While the headlines are filled with talk of market uncertainty and cuts, today we are sharing some other news. Yesterday (Wednesday) IBM announced the acquisition of the Israeli data startup Databand.ai, the developer of a Data Observability (real-time data monitoring) software that helps organizations fix problems with their data, including errors, data flow failures, and poor data quality.
Israeli monitoring tools join IBM
Upon completion of the acquisition, Databand employees will become employees of IBM's Cloud and AI Division and will work from its offices in Tel Aviv. Databand will become part of IBM's research and development division and according to the acquiring company, Databand will work alongside other tools that the company offers its customers in the areas of data monitoring.
The system developed by Databand.ai, which will now be part of the services offered by IBM, will alert data teams and engineers when the data they use to run applications is inaccurate, alongside other tools developed by IBM such as Instana.
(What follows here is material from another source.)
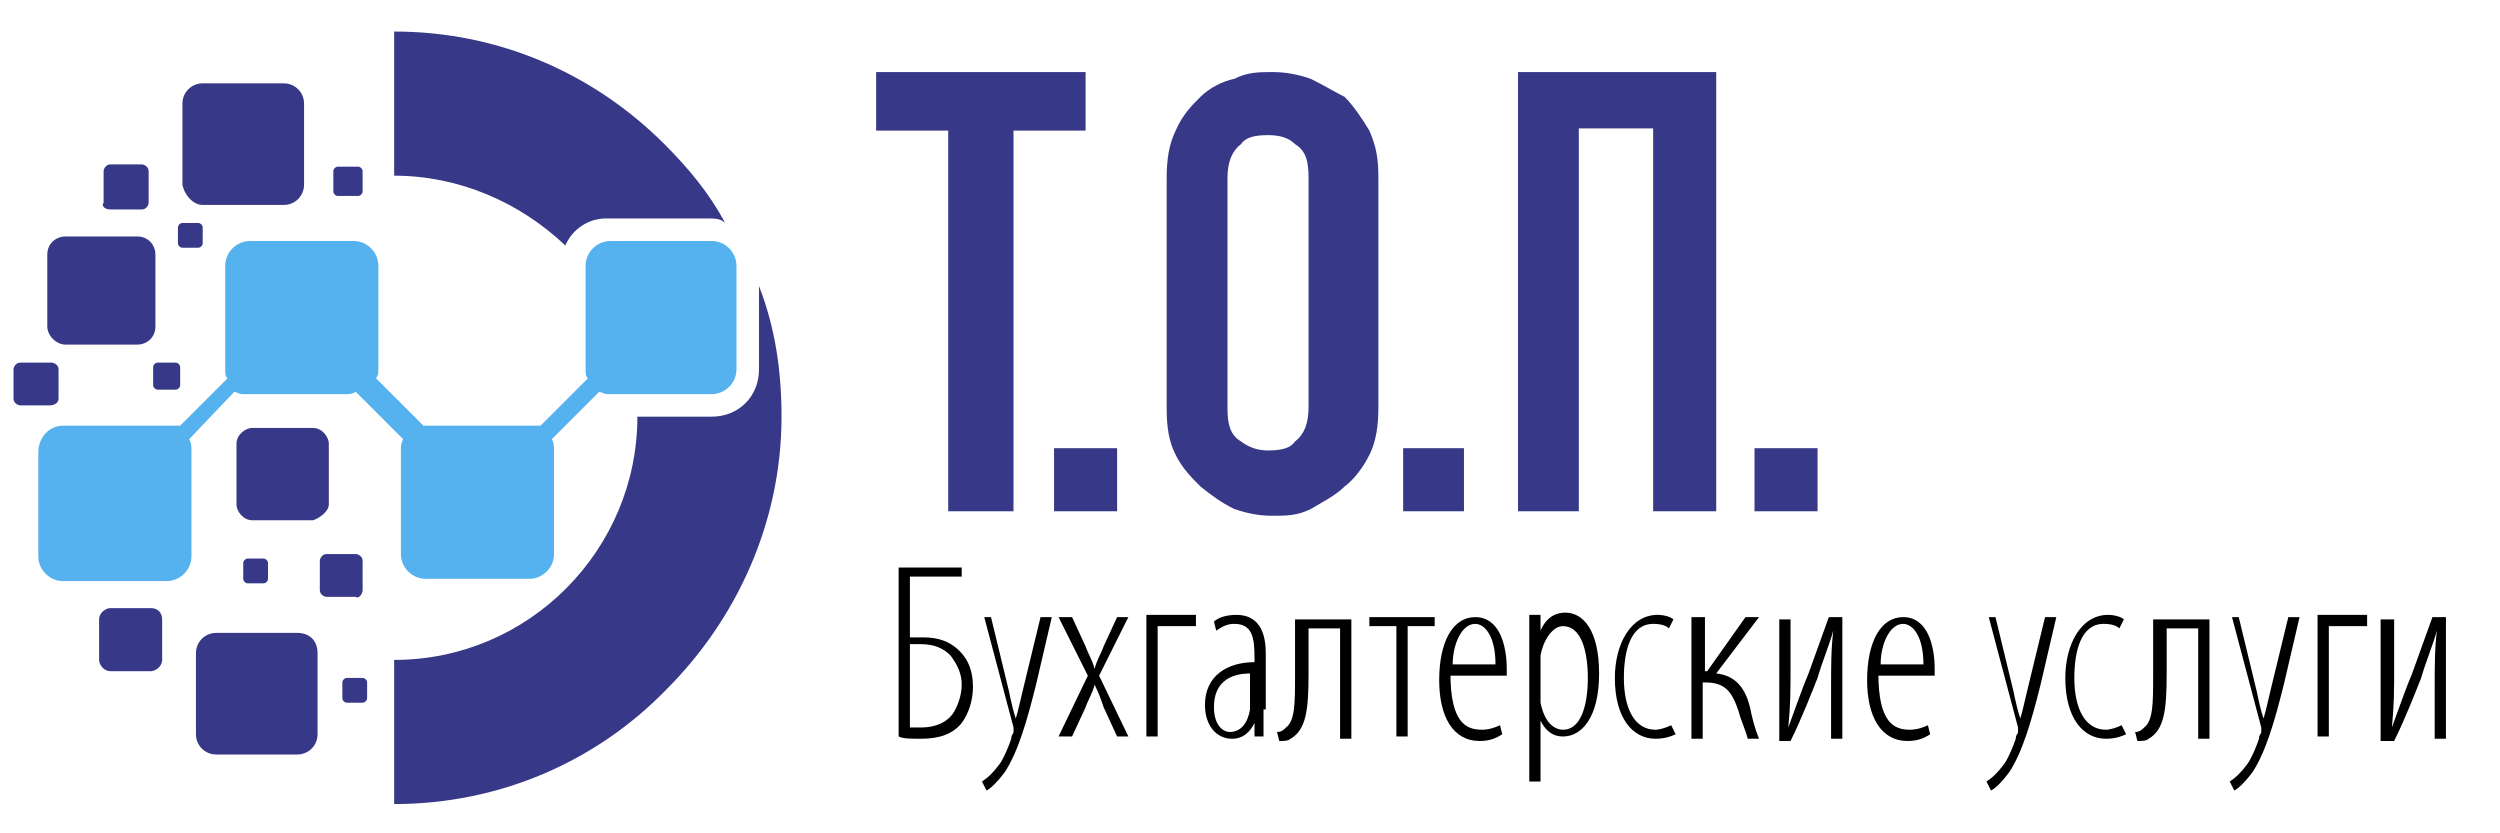 <?xml version="1.0" encoding="UTF-8"?> <!-- Generator: Adobe Illustrator 25.0.0, SVG Export Plug-In . SVG Version: 6.00 Build 0) --> <svg xmlns="http://www.w3.org/2000/svg" xmlns:xlink="http://www.w3.org/1999/xlink" id="Layer_1" x="0px" y="0px" viewBox="0 0 111 37" style="enable-background:new 0 0 111 37;" xml:space="preserve"> <style type="text/css"> .st0{fill:#383889;} .st1{fill:#56B1EF;} </style> <path class="st0" d="M8.1,11h0.7C8.9,11,9,10.9,9,10.8v-0.7C9,10,8.9,9.9,8.8,9.9H8.1C8,9.9,7.9,10,7.9,10.1v0.7 C7.9,10.9,8,11,8.1,11z"></path> <path class="st0" d="M6.8,16.3v0.8c0,0.1,0.1,0.2,0.2,0.2h0.8c0.1,0,0.2-0.1,0.2-0.2v-0.8c0-0.1-0.1-0.2-0.2-0.2H7 C6.9,16.1,6.8,16.2,6.8,16.3z"></path> <path class="st0" d="M2.6,17.7v-1.3c0-0.2-0.2-0.3-0.3-0.3H0.9c-0.2,0-0.3,0.2-0.3,0.3v1.3c0,0.2,0.2,0.3,0.3,0.3h1.3 C2.4,18,2.6,17.9,2.6,17.7z"></path> <path class="st0" d="M2.9,15.3h3.2c0.4,0,0.8-0.3,0.8-0.8v-3.2c0-0.4-0.3-0.8-0.8-0.8H2.9c-0.4,0-0.8,0.3-0.8,0.8v3.2 C2.1,14.9,2.5,15.3,2.9,15.3z"></path> <path class="st0" d="M9,9.1h3.6c0.5,0,0.9-0.4,0.9-0.9V4.6c0-0.5-0.4-0.9-0.9-0.9H9c-0.5,0-0.9,0.4-0.9,0.9v3.6 C8.2,8.7,8.6,9.1,9,9.1z"></path> <path class="st0" d="M26.9,9.7h4.6c0.2,0,0.5,0,0.7,0.2c-0.7-1.3-1.6-2.4-2.7-3.5c-3.1-3.1-7.3-5-12-5v4.3v2.1 c2.9,0,5.6,1.2,7.6,3.1C25.4,10.2,26.1,9.7,26.9,9.7z"></path> <path class="st0" d="M15,7.4c-0.1,0-0.2,0.1-0.2,0.2v0.9c0,0.1,0.1,0.2,0.2,0.2h0.9c0.1,0,0.2-0.1,0.2-0.2V7.6 c0-0.1-0.1-0.2-0.2-0.2C15.9,7.4,15,7.4,15,7.4z"></path> <path class="st0" d="M4.9,9.3h1.4c0.2,0,0.3-0.2,0.3-0.3V7.6c0-0.2-0.2-0.3-0.3-0.3H4.9c-0.2,0-0.3,0.2-0.3,0.3V9 C4.5,9.1,4.6,9.3,4.9,9.3z"></path> <path class="st0" d="M16.1,30.1h-0.7c-0.1,0-0.2,0.1-0.2,0.2V31c0,0.1,0.1,0.2,0.2,0.2h0.7c0.1,0,0.2-0.1,0.2-0.2v-0.7 C16.3,30.2,16.2,30.1,16.1,30.1z"></path> <path class="st0" d="M33.7,16.4c0,1.2-0.9,2.1-2.1,2.1h-3.3c0,5.9-4.8,10.8-10.8,10.8v2.1v4.3c4.7,0,9-1.9,12.1-5.1 c3.1-3.1,5.1-7.4,5.1-12.1c0-2.1-0.3-4-1-5.8V16.4L33.7,16.4L33.7,16.4z"></path> <path class="st0" d="M6.7,27H4.9c-0.2,0-0.5,0.2-0.5,0.5v1.8c0,0.2,0.2,0.5,0.5,0.5h1.8c0.2,0,0.5-0.2,0.5-0.5v-1.8 C7.2,27.2,7,27,6.7,27z"></path> <path class="st0" d="M16.1,26.2v-1.3c0-0.2-0.2-0.3-0.3-0.3h-1.3c-0.2,0-0.3,0.2-0.3,0.3v1.3c0,0.2,0.2,0.3,0.3,0.3h1.3 C15.9,26.6,16.1,26.4,16.1,26.2z"></path> <path class="st0" d="M13.2,28.1H9.6c-0.5,0-0.9,0.4-0.9,0.9v3.6c0,0.5,0.4,0.9,0.9,0.9h3.6c0.5,0,0.9-0.4,0.9-0.9V29 C14.1,28.4,13.7,28.1,13.2,28.1z"></path> <path class="st0" d="M14.6,22.4v-2.7c0-0.3-0.3-0.7-0.7-0.7h-2.7c-0.3,0-0.7,0.3-0.7,0.7v2.7c0,0.3,0.3,0.7,0.7,0.7h2.7 C14.2,23,14.6,22.7,14.6,22.4z"></path> <path class="st1" d="M10.4,17.4c0.1,0,0.2,0.1,0.4,0.1h4.6c0.1,0,0.2,0,0.4-0.1l2.1,2.1c-0.1,0.2-0.1,0.3-0.1,0.5v4.6 c0,0.6,0.5,1.1,1.1,1.1h4.6c0.6,0,1.1-0.5,1.1-1.1V20c0-0.2,0-0.3-0.1-0.5l2.1-2.1c0.1,0,0.2,0.1,0.4,0.1h4.6c0.6,0,1.1-0.5,1.1-1.1 v-4.6c0-0.6-0.5-1.1-1.1-1.1h-4.5c-0.6,0-1.1,0.5-1.1,1.1v4.6c0,0.2,0,0.3,0.1,0.4L24,18.9c-0.1,0-0.2,0-0.3,0h-4.6 c-0.1,0-0.2,0-0.3,0l-2.1-2.1c0.1-0.2,0.1-0.2,0.1-0.4v-4.6c0-0.6-0.5-1.1-1.1-1.1h-4.6c-0.6,0-1.1,0.5-1.1,1.1v4.6 c0,0.2,0,0.3,0.1,0.4L8,18.9c-0.1,0-0.2,0-0.3,0H2.8c-0.6,0-1.1,0.5-1.1,1.2v4.6c0,0.6,0.5,1.1,1.1,1.1h4.6c0.6,0,1.1-0.5,1.1-1.1 V20c0-0.2,0-0.3-0.1-0.5L10.4,17.4z"></path> <path class="st0" d="M11,24.8c-0.1,0-0.2,0.1-0.2,0.2v0.7c0,0.1,0.1,0.2,0.2,0.2h0.7c0.1,0,0.2-0.1,0.2-0.2V25 c0-0.1-0.1-0.2-0.2-0.2H11z"></path> <g> <path class="st0" d="M42.1,22.7V5.8h-3.2V3.2h9.3v2.6H45v16.9H42.1z"></path> <path class="st0" d="M46.8,22.7v-2.8h2.8v2.8H46.8z"></path> <path class="st0" d="M51.8,7.9c0-0.8,0.1-1.5,0.4-2.1c0.3-0.7,0.7-1.1,1.1-1.5c0.4-0.4,1-0.7,1.5-0.8c0.6-0.3,1.1-0.3,1.7-0.3 s1.1,0.1,1.7,0.3c0.6,0.3,1.1,0.6,1.5,0.8c0.4,0.4,0.8,1,1.1,1.5c0.3,0.7,0.4,1.2,0.4,2.1v10.2c0,0.8-0.1,1.5-0.4,2.1 c-0.3,0.6-0.7,1.1-1.1,1.4c-0.4,0.4-1,0.7-1.5,1c-0.6,0.3-1.1,0.3-1.7,0.3s-1.1-0.1-1.7-0.3c-0.6-0.3-1-0.6-1.5-1 c-0.4-0.4-0.8-0.8-1.1-1.4c-0.3-0.6-0.4-1.2-0.4-2.1V7.9z M54.5,18.1c0,0.7,0.1,1.2,0.6,1.5c0.4,0.3,0.8,0.4,1.2,0.4 c0.6,0,1-0.1,1.2-0.4c0.4-0.3,0.6-0.8,0.6-1.5V7.9c0-0.7-0.1-1.2-0.6-1.5C57.2,6.1,56.8,6,56.3,6c-0.6,0-1,0.1-1.2,0.4 c-0.4,0.3-0.6,0.8-0.6,1.5V18.1z"></path> <path class="st0" d="M62.3,22.7v-2.8H65v2.8H62.3z"></path> <path class="st0" d="M67.4,22.7V3.2h8.8v19.5h-2.8v-17h-3.3v17H67.4z"></path> <path class="st0" d="M77.9,22.7v-2.8h2.8v2.8H77.9z"></path> </g> <g> <path d="M42.7,25.2v0.4h-2.3v2.7c0.2,0,0.4,0,0.6,0c0.7,0,1.2,0.2,1.6,0.6c0.4,0.4,0.6,0.9,0.6,1.6c0,0.6-0.2,1.2-0.5,1.6 c-0.4,0.5-1,0.7-1.8,0.7c-0.5,0-0.8,0-1-0.1v-7.5H42.7z M40.4,32.3c0.2,0,0.3,0,0.5,0c0.6,0,1.1-0.2,1.4-0.6 c0.2-0.3,0.4-0.8,0.4-1.3c0-0.5-0.2-0.9-0.5-1.3c-0.3-0.3-0.7-0.5-1.3-0.5c-0.1,0-0.3,0-0.5,0V32.3z"></path> <path d="M44,27.4l0.8,3.3c0.1,0.5,0.2,0.9,0.3,1.2h0c0.1-0.3,0.2-0.8,0.3-1.2l0.8-3.3h0.5l-0.7,3c-0.4,1.6-0.8,3-1.4,3.9 c-0.3,0.4-0.6,0.7-0.8,0.8l-0.2-0.4c0.3-0.2,0.5-0.4,0.8-0.8c0.2-0.3,0.4-0.8,0.5-1.1c0-0.2,0.1-0.2,0.1-0.3c0-0.1,0-0.1,0-0.2 l-1.3-4.9H44z"></path> <path d="M47.6,27.4l0.6,1.3c0.1,0.3,0.3,0.6,0.4,1h0c0.1-0.4,0.3-0.7,0.4-1l0.6-1.3h0.5L48.8,30l1.3,2.7h-0.5L49,31.4 c-0.1-0.3-0.2-0.6-0.4-1h0c-0.1,0.4-0.3,0.7-0.4,1l-0.6,1.3H47l1.3-2.7L47,27.4H47.6z"></path> <path d="M53.1,27.4v0.4h-1.7v4.9h-0.5v-5.4H53.1z"></path> <path d="M56.1,31.5c0,0.4,0,0.9,0,1.2h-0.4l0-0.6h0c-0.2,0.4-0.5,0.7-1,0.7c-0.7,0-1.2-0.6-1.2-1.5c0-1.3,1-1.9,2.2-1.9v-0.2 c0-0.9-0.1-1.5-0.9-1.5c-0.3,0-0.5,0.1-0.8,0.3l-0.1-0.4c0.2-0.2,0.6-0.3,1-0.3c0.7,0,1.3,0.4,1.3,1.7V31.5z M55.6,29.9 c-0.4,0-1.7,0-1.7,1.5c0,0.8,0.4,1.1,0.7,1.1c0.5,0,0.8-0.4,0.9-1c0-0.1,0-0.2,0-0.3V29.9z"></path> <path d="M60,27.4v5.4h-0.5v-4.9h-1.4v2c0,1.6-0.1,2.5-0.8,2.9c-0.1,0.1-0.3,0.1-0.5,0.1l-0.1-0.4c0.2,0,0.3-0.1,0.4-0.2 c0.4-0.3,0.4-1.1,0.4-2.3v-2.5H60z"></path> <path d="M63.7,27.4v0.4h-1.2v4.9H62v-4.9h-1.2v-0.4H63.7z"></path> <path d="M64.4,29.9c0,2.2,0.7,2.5,1.4,2.5c0.3,0,0.6-0.1,0.8-0.2l0.1,0.4c-0.3,0.2-0.6,0.3-1,0.3c-1.2,0-1.8-1.1-1.8-2.7 c0-1.7,0.6-2.8,1.6-2.8c1.1,0,1.4,1.3,1.4,2.3c0,0.1,0,0.2,0,0.3H64.4z M66.4,29.5c0-1.3-0.5-1.8-0.9-1.8c-0.6,0-1,0.9-1,1.8H66.4z "></path> <path d="M67.9,29c0-0.9,0-1.4,0-1.7h0.5l0,0.7h0c0.3-0.7,0.8-0.8,1.1-0.8c0.8,0,1.5,0.8,1.5,2.7c0,2-0.8,2.8-1.6,2.8 c-0.5,0-0.8-0.3-1-0.7h0v2.7h-0.5V29z M68.4,30.8c0,0.1,0,0.3,0,0.4c0.2,1,0.7,1.2,1,1.2c0.8,0,1.1-1.1,1.1-2.3 c0-1.2-0.3-2.3-1.1-2.3c-0.5,0-0.9,0.7-1,1.3c0,0.1,0,0.3,0,0.4V30.8z"></path> <path d="M74.4,32.6c-0.2,0.1-0.5,0.2-0.9,0.2c-1,0-1.8-0.9-1.8-2.7c0-1.5,0.7-2.8,1.9-2.8c0.3,0,0.6,0.1,0.7,0.2l-0.2,0.4 c-0.1-0.1-0.3-0.2-0.7-0.2c-1,0-1.3,1.2-1.3,2.4c0,1.4,0.5,2.3,1.4,2.3c0.2,0,0.5-0.1,0.7-0.2L74.4,32.6z"></path> <path d="M75.7,27.4v2.4h0.1l1.7-2.4h0.6l-1.9,2.5c0.9,0.1,1.3,0.7,1.5,1.5c0.1,0.5,0.2,0.9,0.4,1.4h-0.5c-0.1-0.4-0.3-0.8-0.4-1.2 c-0.3-0.9-0.6-1.3-1.5-1.3h-0.1v2.5h-0.5v-5.4H75.7z"></path> <path d="M79.5,27.4v2.3c0,0.9,0,1.6-0.1,2.6h0c0.3-0.8,0.6-1.7,0.9-2.4l0.9-2.5h0.6v5.4h-0.5v-2.1c0-1.2,0-1.9,0.1-2.7h0 c-0.2,0.7-0.5,1.4-0.7,2.1c-0.2,0.5-0.7,1.8-1.2,2.8H79v-5.4H79.5z"></path> <path d="M83.4,29.9c0,2.2,0.7,2.5,1.4,2.5c0.3,0,0.6-0.1,0.8-0.2l0.1,0.4c-0.3,0.2-0.6,0.3-1,0.3c-1.2,0-1.8-1.1-1.8-2.7 c0-1.7,0.6-2.8,1.6-2.8c1.1,0,1.4,1.3,1.4,2.3c0,0.1,0,0.2,0,0.3H83.4z M85.4,29.5c0-1.3-0.5-1.8-0.9-1.8c-0.6,0-1,0.9-1,1.8H85.4z "></path> <path d="M88.6,27.4l0.8,3.3c0.1,0.5,0.2,0.9,0.3,1.2h0c0.1-0.3,0.2-0.8,0.3-1.2l0.8-3.3h0.5l-0.7,3c-0.4,1.6-0.8,3-1.4,3.9 c-0.3,0.4-0.6,0.7-0.8,0.8l-0.2-0.4c0.3-0.2,0.5-0.4,0.8-0.8c0.2-0.3,0.4-0.8,0.5-1.1c0-0.2,0.1-0.2,0.1-0.3c0-0.1,0-0.1,0-0.2 l-1.3-4.9H88.6z"></path> <path d="M94.4,32.6c-0.2,0.1-0.5,0.2-0.9,0.2c-1,0-1.8-0.9-1.8-2.7c0-1.5,0.7-2.8,1.9-2.8c0.3,0,0.6,0.1,0.7,0.2l-0.2,0.4 c-0.1-0.1-0.3-0.2-0.7-0.2c-1,0-1.3,1.2-1.3,2.4c0,1.4,0.5,2.3,1.4,2.3c0.2,0,0.5-0.1,0.7-0.2L94.4,32.6z"></path> <path d="M98.1,27.4v5.4h-0.5v-4.9h-1.4v2c0,1.6-0.1,2.5-0.8,2.9c-0.1,0.1-0.3,0.1-0.5,0.1l-0.1-0.4c0.2,0,0.3-0.1,0.4-0.2 c0.4-0.3,0.4-1.1,0.4-2.3v-2.5H98.1z"></path> <path d="M99.4,27.4l0.8,3.3c0.1,0.5,0.2,0.9,0.3,1.2h0c0.1-0.3,0.2-0.8,0.3-1.2l0.8-3.3h0.5l-0.7,3c-0.4,1.6-0.8,3-1.4,3.9 c-0.3,0.4-0.6,0.7-0.8,0.8l-0.2-0.4c0.3-0.2,0.5-0.4,0.8-0.8c0.2-0.3,0.4-0.8,0.5-1.1c0-0.2,0.1-0.2,0.1-0.3c0-0.1,0-0.1,0-0.2 l-1.3-4.9H99.4z"></path> <path d="M105.1,27.4v0.4h-1.7v4.9h-0.5v-5.4H105.1z"></path> <path d="M106.3,27.4v2.3c0,0.9,0,1.6-0.1,2.6h0c0.3-0.8,0.6-1.7,0.9-2.4l0.9-2.5h0.6v5.4h-0.5v-2.1c0-1.2,0-1.9,0.1-2.7h0 c-0.2,0.7-0.5,1.4-0.7,2.1c-0.2,0.5-0.7,1.8-1.2,2.8h-0.6v-5.4H106.3z"></path> </g> </svg>

What’s more is that the Databand system will be able to develop significantly by gaining access to the many resources that a company like IBM has, including open-source products and commercial products currently used by data divisions in various organizations.
With the acquisition, IBM will offer its customers the option to choose how they want to use the Databand.ai system; they will decide whether they want to run the software in self-hosting or simply move everything through the cloud and get the SaaS product.
Databand.ai was founded by data engineers who experienced firsthand the problems arising from faulty data processes, be it wasted time, malfunctions, or harm to customers. And since the data world has gained momentum in recent years and almost every company has data processes, Databand decided to develop a platform that uncovers and anticipates data problems– even before developers notice them– by collecting, monitoring, and learning from occurrences in the organization's information processes.
The platform they developed knows how to address problems as soon as they happen. By pointing out the source of the problem, Databand saves time but also prevents a technical problem from becoming a business, company-wide problem which normally bounces around from team to team and is so critical that it must be addressed at any hour of the night.
In a conversation with Geektime, one of the company's founders and its CPO, Victor Shafran, said that with the move to remote work and the digital transformation, more and more organizations need platforms like that of Databand’s more than ever before.
Databand.ai was founded in 2018 by Shafran, Josh Benamram (CEO) and Evgeny Shulman (CTO), and its offices are located in Tel Aviv. The companies did not disclose the amount of the deal, but according to estimates, IBM paid between $100 and $ 50 million for the company, which had raised about $22 million until now. Among the investors are several well-known funds, including Accel, Blumberg Capital, Bessemer Venture Partners, Ubiquity Ventures, Differential Ventures, F2 Capital and the Lerer Hippeau fund.